In your example, the thing that scares me most is the downstream, like you mentioned. I don't see a single negative to every delivery truck being an EV; mail, packages, shelf-stocking, logistics. However, reserving oil-products/diesel for exclusively-heavy lifters would be horrendous: I'm trying to imagine how much it'd cost to excavate and prep land for a residential build if the larger machines were the main and only consumers of fuel. As if housing prices aren't high enough now!

I think I disagree with the refinery/infrastructure POV, though. Plenty of previously-booming infrastructure and business has dried up; when's the last time you went into a vacuum repair store? (Obviously a low-brow example, but a just one.) How much longer will the car dealership model continue to be a smart real estate investment as more and more manufacturers move to partial online sale offerings?

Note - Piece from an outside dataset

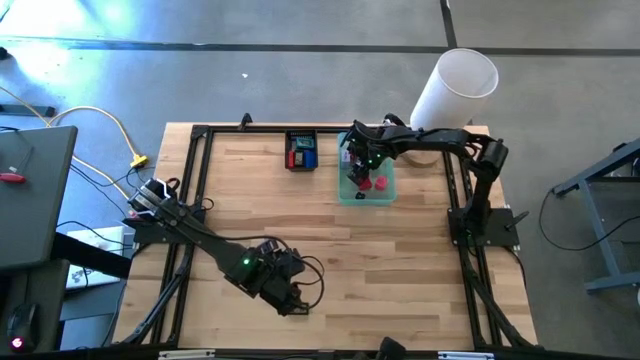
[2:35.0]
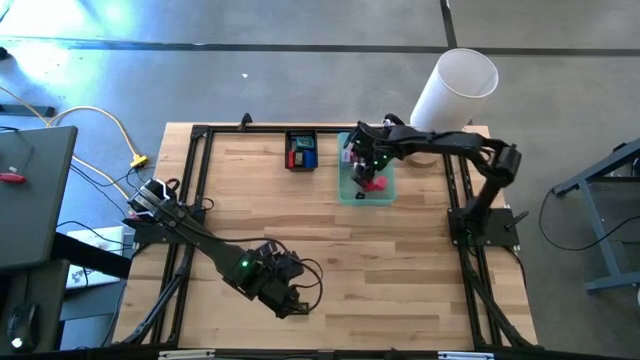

Growing pains are growing pains but the world's still spinning.

I think we all know how it's going to go. Promised, "hard" deadlines that get pushed further and further to the right every 5 years; but it's these looming, truthfully soft deadlines that drive innovation toward better battery technology, range improvements, EV tire technology, etc; one might argue that without a deadline (even a fake one), no one would push the envelope without huge financial benefits, which EVs are not, currently.
The free market is the best force for creation of new and better products, not government mandates. That's how all this started, with CARB.